Activity:
Say only how many lines in the entries below contain the word "rect".

Data extracts:
__________
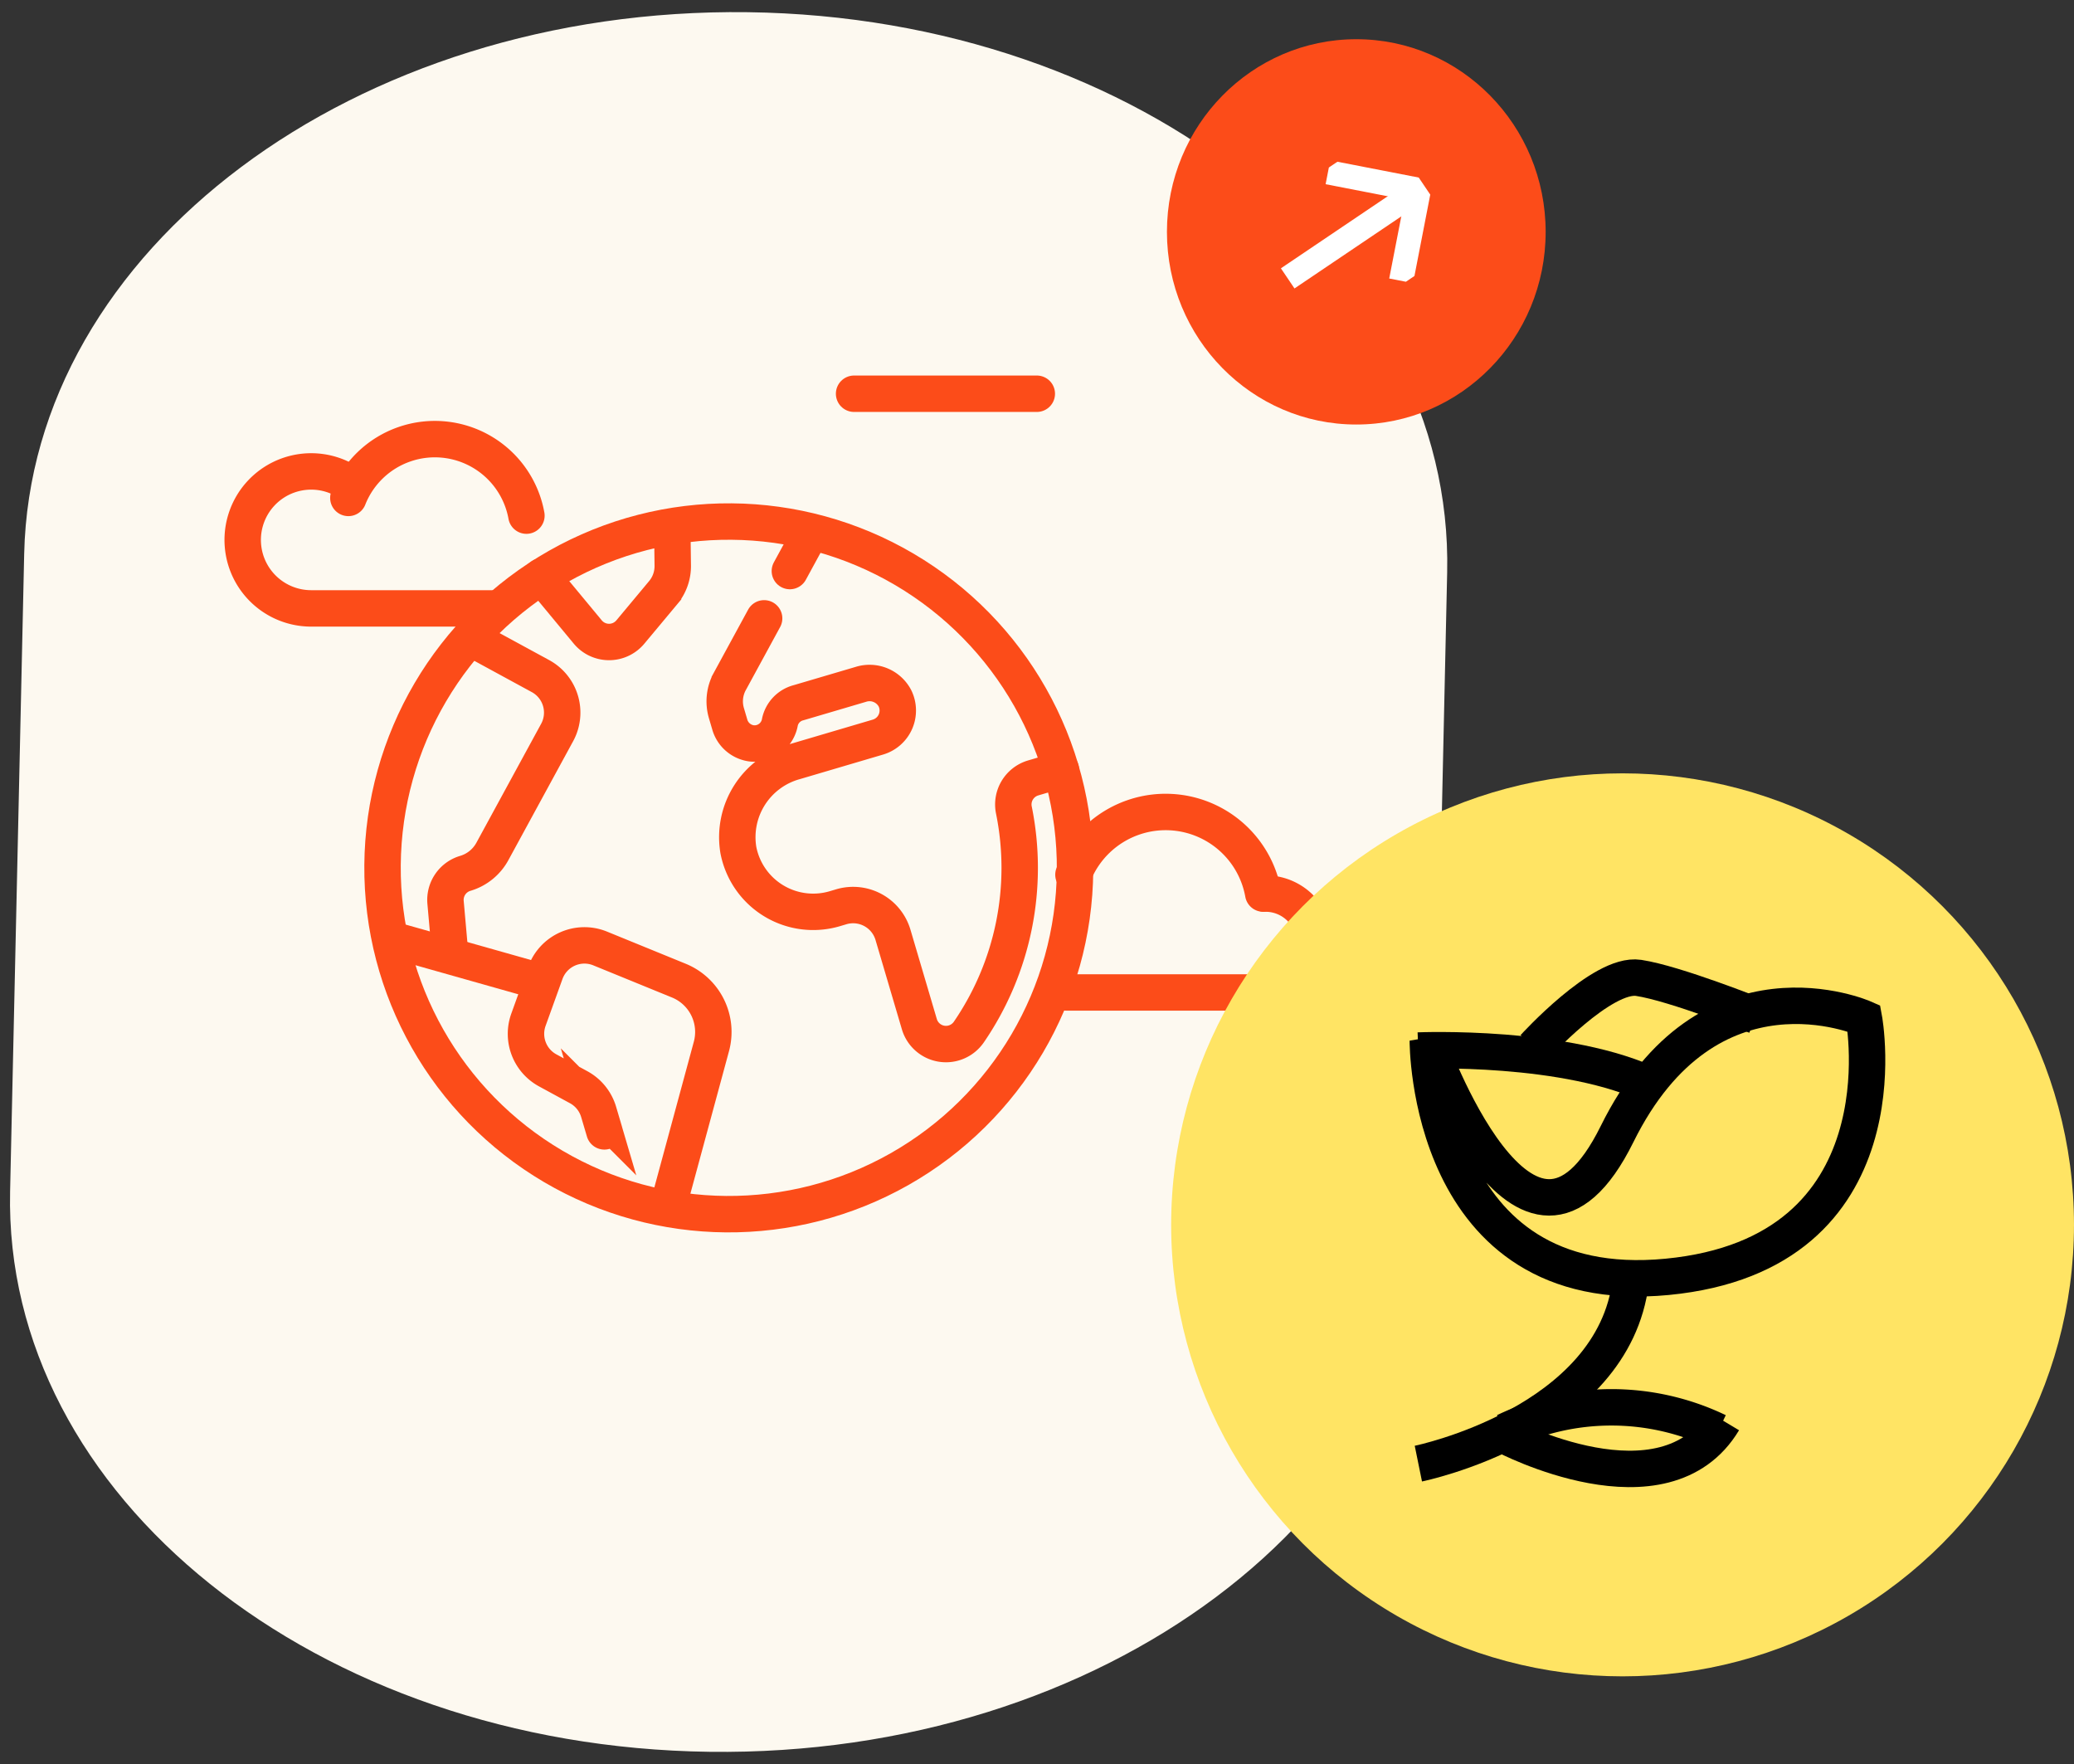 <svg xmlns="http://www.w3.org/2000/svg" xmlns:xlink="http://www.w3.org/1999/xlink" width="170.82" height="145.298" viewBox="0 0 170.82 145.298">
  <rect x="0" y="0" width="170.82" height="145.298" fill="#333333" stroke="none"/>
  <defs>
    <clipPath id="clip-path">
      <rect id="Rectangle_651" data-name="Rectangle 651" width="13.591" height="11.348" fill="none" stroke="#fff" stroke-width="2"/>
    </clipPath>
    <clipPath id="clip-path-2">
      <rect id="Rectangle_727" data-name="Rectangle 727" width="104.491" height="96.74" fill="none"/>
    </clipPath>
  </defs>
  <g id="Groupe_1683" data-name="Groupe 1683" transform="translate(-1916.108 -1263.254)">
    <g id="Groupe_1044" data-name="Groupe 1044" transform="translate(1916.108 1263.254)">
      <g id="Groupe_1038" data-name="Groupe 1038" transform="translate(0 0)">
        <path id="olivie-strauss-a--udXtK6x0-unsplash" d="M59.095,0C91.457-.127,117.588,20.087,117.46,45.15l-.267,52.509c-.127,25.063-26.465,45.483-58.827,45.61S-.127,123.183,0,98.12L.267,45.611C.395,20.549,26.733.128,59.095,0Z" transform="matrix(1, 0.017, -0.017, 1, 2.5, 0)" fill="#fdf9f0"/>
      </g>
    </g>
    <g id="Groupe_1510" data-name="Groupe 1510" transform="translate(1937.092 1295.678)">
      <ellipse id="Ellipse_83" data-name="Ellipse 83" cx="28.518" cy="28.518" rx="28.518" ry="28.518" transform="matrix(0.507, -0.862, 0.862, 0.507, 0, 49.168)" fill="none" stroke="#fc4c19" stroke-linecap="round" stroke-miterlimit="10" stroke-width="3"/>
      <path id="Tracé_12159" data-name="Tracé 12159" d="M106.113,25.163l-2.83,5.2a3.419,3.419,0,0,0-.276,2.6l.27.918a2.165,2.165,0,0,0,1.8,1.576,2.122,2.122,0,0,0,2.337-1.754,2.1,2.1,0,0,1,1.531-1.592l5.132-1.513a2.366,2.366,0,0,1,2.812,1.149,2.282,2.282,0,0,1-1.4,3.193l-6.853,2.022a6.458,6.458,0,0,0-4.646,7.27,6.276,6.276,0,0,0,7.939,4.842l.547-.162a3.423,3.423,0,0,1,4.251,2.314l2.171,7.355a2.287,2.287,0,0,0,4.076.65,23.919,23.919,0,0,0,3.712-18.276,2.278,2.278,0,0,1,1.579-2.649l2.292-.676" transform="translate(-64.162 -6.665)" fill="none" stroke="#fc4c19" stroke-linecap="round" stroke-miterlimit="10" stroke-width="3"/>
      <line id="Ligne_17" data-name="Ligne 17" x1="1.7" y2="3.123" transform="translate(44.071 11.479)" fill="none" stroke="#fc4c19" stroke-linecap="round" stroke-miterlimit="10" stroke-width="3"/>
      <path id="Tracé_12160" data-name="Tracé 12160" d="M98.1,58.954l-.474-1.6a3.416,3.416,0,0,0-1.646-2.037l-2.553-1.389a3.424,3.424,0,0,1-1.583-4.167l1.391-3.86a3.422,3.422,0,0,1,4.515-2.009l6.486,2.649a4.566,4.566,0,0,1,2.678,5.419l-3.5,12.914" transform="translate(-69.304 1.791)" fill="none" stroke="#fc4c19" stroke-linecap="round" stroke-miterlimit="10" stroke-width="3"/>
      <line id="Ligne_18" data-name="Ligne 18" x1="12.154" y1="3.436" transform="translate(11.234 44.937)" fill="none" stroke="#fc4c19" stroke-linecap="round" stroke-miterlimit="10" stroke-width="3"/>
      <path id="Tracé_12161" data-name="Tracé 12161" d="M87.449,51.931,87.1,48a2.28,2.28,0,0,1,1.627-2.392h0a3.746,3.746,0,0,0,2.228-1.8l5.336-9.8a3.423,3.423,0,0,0-1.37-4.642l-5.5-2.992" transform="translate(-71.387 -6.112)" fill="none" stroke="#fc4c19" stroke-linecap="round" stroke-miterlimit="10" stroke-width="3"/>
      <path id="Tracé_12162" data-name="Tracé 12162" d="M92.526,24.036l3.793,4.578a2.281,2.281,0,0,0,3.508.007l2.7-3.236a3.418,3.418,0,0,0,.795-2.238l-.039-3.075" transform="translate(-68.896 -8.996)" fill="none" stroke="#fc4c19" stroke-linecap="round" stroke-miterlimit="10" stroke-width="3"/>
    </g>
    <g id="Groupe_1516" data-name="Groupe 1516" transform="translate(2012.22 1266.483)">
      <ellipse id="Ellipse_72" data-name="Ellipse 72" cx="15.596" cy="15.865" rx="15.596" ry="15.865" fill="#fc4c19"/>
      <g id="Groupe_1432" data-name="Groupe 1432" transform="translate(6.773 14.992) rotate(-34)">
        <g id="Groupe_1431" data-name="Groupe 1431" transform="translate(0 0)" clip-path="url(#clip-path)">
          <line id="Ligne_10" data-name="Ligne 10" x2="12.766" transform="translate(0 5.674)" fill="none" stroke="#fff" stroke-miterlimit="10" stroke-width="2"/>
          <path id="Tracé_11993" data-name="Tracé 11993" d="M0,0,5.391,5.391,0,10.782" transform="translate(7.634 0.283)" fill="none" stroke="#fff" stroke-miterlimit="10" stroke-width="2"/>
        </g>
      </g>
    </g>
    <g id="Groupe_1593" data-name="Groupe 1593" transform="translate(1921.157 1282.325)">
      <g id="Groupe_1592" data-name="Groupe 1592" transform="translate(0 0)" clip-path="url(#clip-path-2)">
        <path id="Tracé_12581" data-name="Tracé 12581" d="M13.706,6.342A7.663,7.663,0,0,1,28.371,7.8" transform="translate(9.937 15.59)" fill="none" stroke="#fc4c19" stroke-linecap="round" stroke-miterlimit="10" stroke-width="3"/>
        <path id="Tracé_12582" data-name="Tracé 12582" d="M10.281,6.188A5.64,5.64,0,1,0,7.14,16.513H22.518" transform="translate(13.44 14.518)" fill="none" stroke="#fc4c19" stroke-linecap="round" stroke-miterlimit="10" stroke-width="3"/>
        <path id="Tracé_12583" data-name="Tracé 12583" d="M94.17,31.157A8.165,8.165,0,0,1,109.8,32.711" transform="translate(-10.806 21.804)" fill="none" stroke="#fc4c19" stroke-linecap="round" stroke-miterlimit="10" stroke-width="3"/>
        <path id="Tracé_12585" data-name="Tracé 12585" d="M3.044,0H19.372" transform="translate(79.751 62.658)" fill="none" stroke="#fc4c19" stroke-linecap="round" stroke-width="3"/>
        <path id="Tracé_12584" data-name="Tracé 12584" d="M111.972,33.58a4.041,4.041,0,1,1,0,8.081" transform="translate(-12.849 20.934)" fill="none" stroke="#fc4c19" stroke-linecap="round" stroke-miterlimit="10" stroke-width="3"/>
      </g>
    </g>
    <line id="Ligne_133" data-name="Ligne 133" x2="15.049" transform="translate(1986.453 1295.678)" fill="none" stroke="#fc4c19" stroke-linecap="round" stroke-width="3"/>
    <g id="Groupe_1519" data-name="Groupe 1519" transform="translate(2012.567 1326.939)">
      <ellipse id="Ellipse_49" data-name="Ellipse 49" cx="37.18" cy="37.181" rx="37.18" ry="37.181" transform="translate(0)" fill="#ffe464"/>
      <g id="Groupe_1518" data-name="Groupe 1518" transform="translate(20.361 16.82)">
        <path id="Tracé_12167" data-name="Tracé 12167" d="M-9558.645,321.092s16.085-3.274,17.489-15.014" transform="translate(9558.645 -281.068)" fill="none" stroke="#000" stroke-width="3"/>
        <path id="Tracé_12168" data-name="Tracé 12168" d="M-9557.645,279.865s-.119,21.353,19.713,19.442,16.207-21.287,16.207-21.287-12.825-5.664-20.335,9.534S-9557.645,279.865-9557.645,279.865Z" transform="translate(9558.424 -274.664)" fill="none" stroke="#000" stroke-width="3"/>
        <path id="Tracé_12169" data-name="Tracé 12169" d="M-9558.645,276.935s12.3-.525,19.44,2.995" transform="translate(9558.645 -270.927)" fill="none" stroke="#000" stroke-width="3"/>
        <path id="Tracé_12170" data-name="Tracé 12170" d="M-9528.14,277.157s-6.677-2.672-9.678-3.125-8.609,5.723-8.609,5.723" transform="translate(9555.955 -274.009)" fill="none" stroke="#000" stroke-width="3"/>
        <path id="Tracé_12171" data-name="Tracé 12171" d="M-9546.427,321.38a20.257,20.257,0,0,1,17.544,0" transform="translate(9553.553 -283.994)" fill="none" stroke="#000" stroke-width="3"/>
        <path id="Tracé_12172" data-name="Tracé 12172" d="M-9546.427,319.028s13.123,6.917,18-1.212" transform="translate(9553.553 -281.312)" fill="none" stroke="#000" stroke-width="3"/>
      </g>
    </g>
  </g>
</svg>
__________
Response for this exercise:
3